En lisant dernièrement Das Kapital de Viken Berberian, je songeais le plus souvent au Cendrillon d’Eric Reinhardt, dont j’ai déjà parlé et je commençais à percevoir les propriétés essentiellement romanesques de la macroéconomie. Dans un monde dont les lois ressemblent de plus en plus aux principes du marché (et cela dans une perspective parfaitement apolitique, entendons-nous bien), dans lequel il y a une interaction chimérique entre l’information et les cours quels qu’ils soient, il est évident que la littérature ne peut que s’approprier cet objet. Car c’est là le pouvoir, c’est là que l’homme peut exercer le plus facilement sa faiblesse.

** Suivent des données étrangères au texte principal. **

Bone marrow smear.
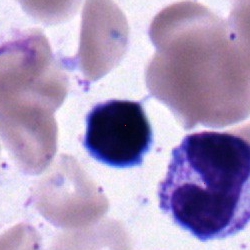Morphological class: typical lymphocyte.
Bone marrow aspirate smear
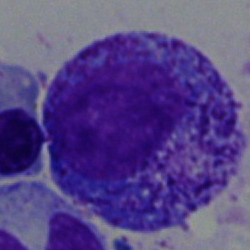{"cell_type": "progranulocyte", "lineage": "myeloid"}
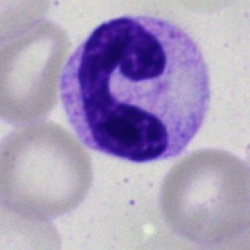

A stab cell on a bone marrow smear.

Les deux auteurs prennent pour « héros » un analyste financier spécialiste des hedge funds, ces fonds spéculatifs à hauts risques qui sont d’ailleurs dans la tourmente de l’actualité. C’est là qu’est le pouvoir. C’est en maîtrisant le marché que l’on maîtrise le monde. C’est enmaîtrisant, en domptant l’information, que l’on peut maîtriser le marché. Il faut donc maîtriser l’information, faire l’information. La corrélation est tellement frappante qu’elle en devient surréelle. L’homme, depuis une cinquantaine d’année sait qu’il peut détruire l’humanité entière, prenant pour prétexte la guerre. Maintenant, un seul homme peut faire régresser l’humanité à l’âge de pierre, la forçant à contempler sa déchéance, sans qu’un seul coup de feu soit tiré, seulement en retirant une carte du château qu’il est en train de construire.
Assez naïvement peut-être, j’en conviens, je m’émerveille de telles possibilités. Ce sens de la responsabilité qui échappe à l’homme. C’est tout simplement vertigineux, et le vide, est le meilleur ami de l’homme.